Oude Testament

Nieuwe Testament

2 Kronieken 2:5-10 NBG-vertaling 1951 (NBG51)

5. Het huis, dat ik ga bouwen, zal groot zijn, want onze God is groter dan alle goden.

6. Wie zou in staat zijn voor Hem een huis te bouwen, want de hemel, zelfs de hemel der hemelen, kan Hem niet bevatten. Wie ben ik dan, dat ik voor Hem een huis zou bouwen, indien het niet was om voor zijn aangezicht offers te ontsteken?

7. Nu dan, zend mij een man, die bedreven is in de bewerking van goud, zilver, koper, ijzer, roodpurper, karmozijn en blauwpurper, en die het verstaat graveerwerk te vervaardigen, samen met de vaklieden die bij mij in Juda en in Jeruzalem zijn, en waarvoor mijn vader David gezorgd heeft.

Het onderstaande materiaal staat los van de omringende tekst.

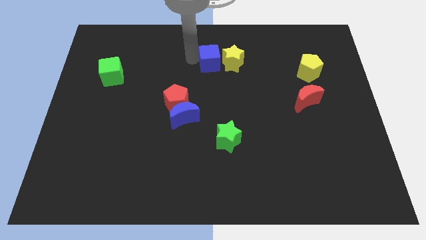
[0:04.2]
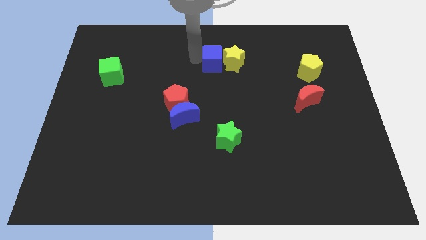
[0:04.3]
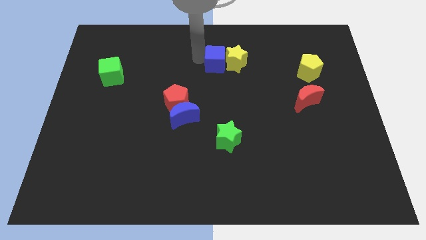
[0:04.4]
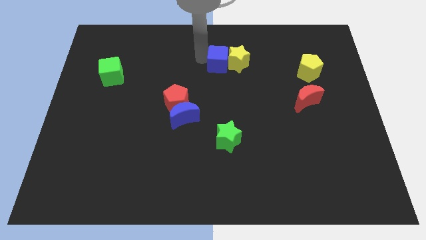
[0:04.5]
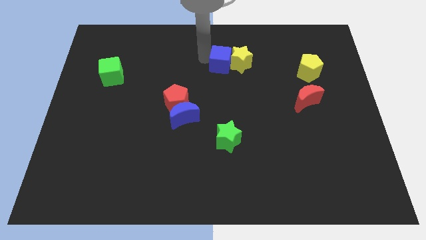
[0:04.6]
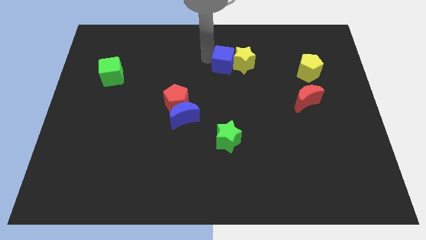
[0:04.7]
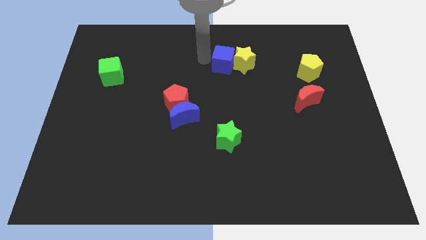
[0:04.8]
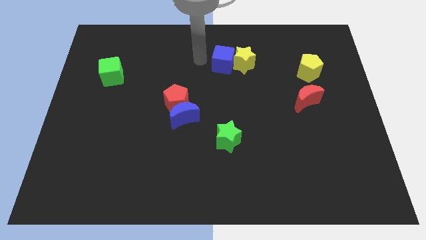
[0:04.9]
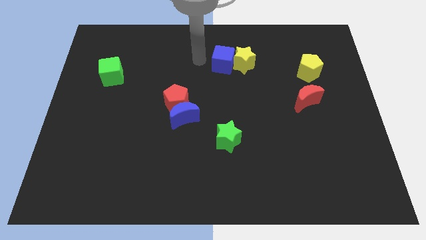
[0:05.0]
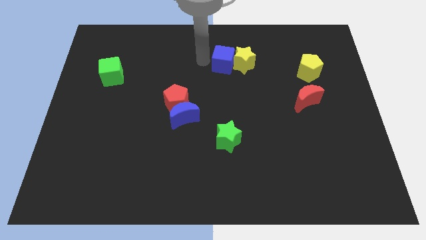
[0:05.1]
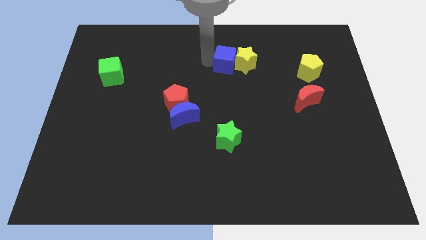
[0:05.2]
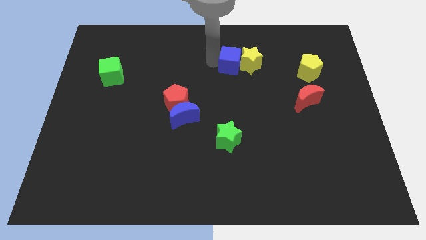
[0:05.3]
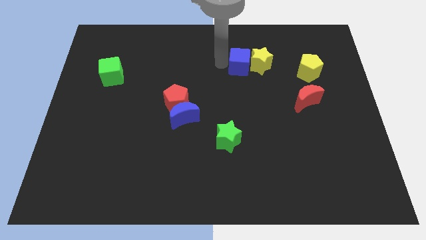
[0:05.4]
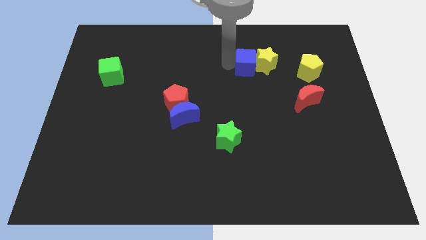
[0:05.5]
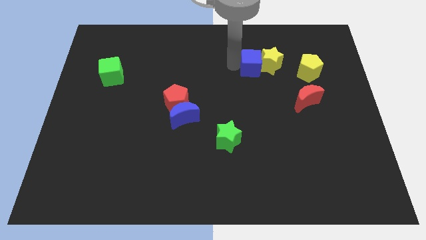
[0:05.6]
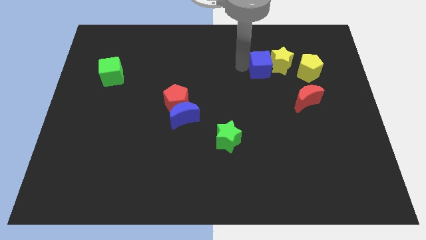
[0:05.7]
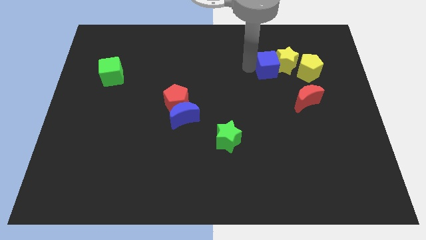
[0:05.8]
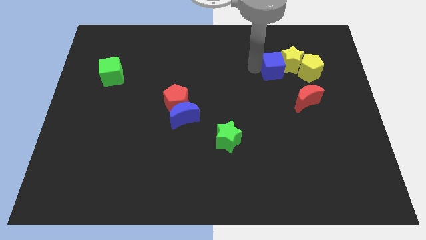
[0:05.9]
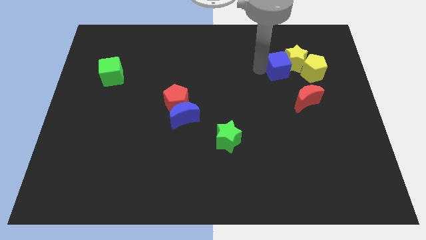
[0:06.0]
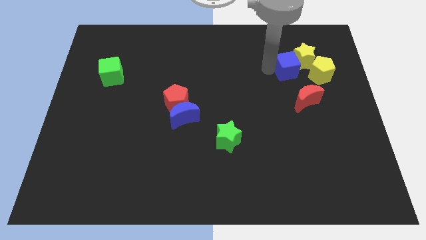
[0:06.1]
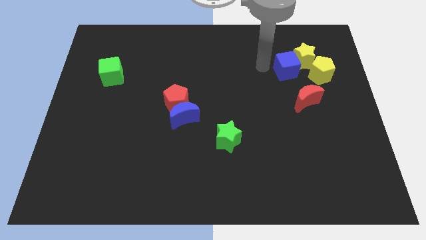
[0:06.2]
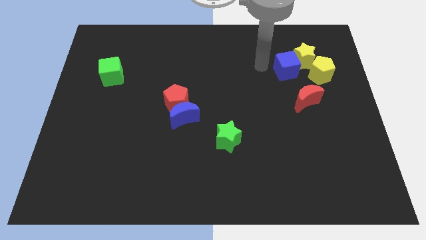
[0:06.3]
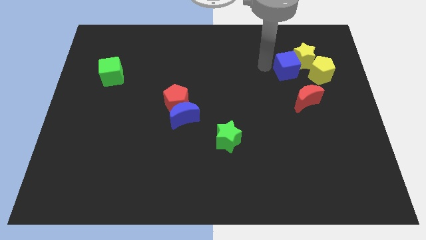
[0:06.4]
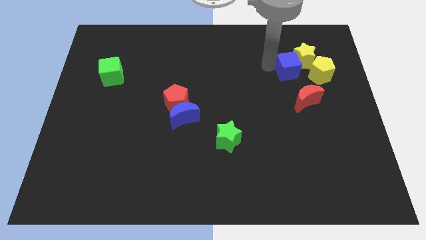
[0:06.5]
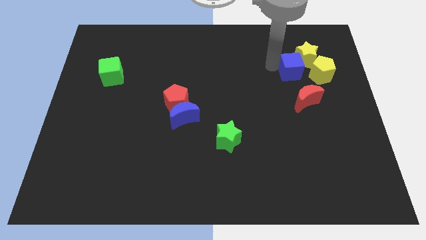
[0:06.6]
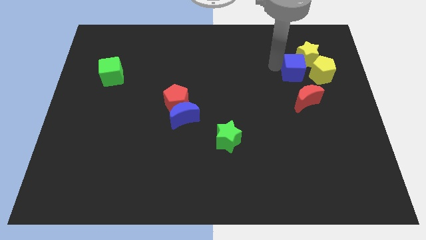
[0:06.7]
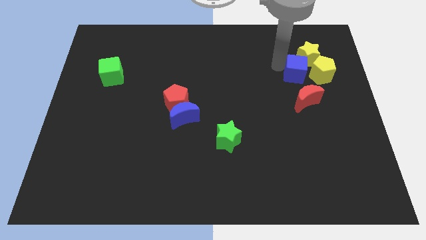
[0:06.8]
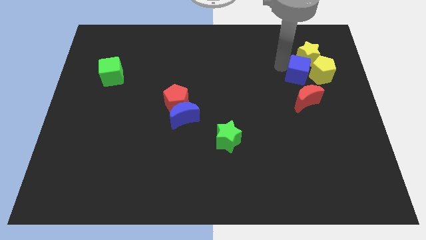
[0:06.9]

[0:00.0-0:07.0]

8. Zend mij ook ceder-, cypresse-, en algummimhout van de Libanon, want mij is bekend, dat uw knechten de bomen van de Libanon weten te vellen; en zie, mijn knechten zullen uw knechten helpen,

9. hout in overvloed voor mij gereed te maken, want het huis, dat ik ga bouwen, zal groot en wonderbaar zijn.

10. Zie, in ruil voor de houthakkers, die de bomen vellen, geef ik tot voedsel voor uw knechten twintigduizend kor tarwe, twintigduizend kor gerst, twintigduizend bath wijn en twintigduizend bath olie.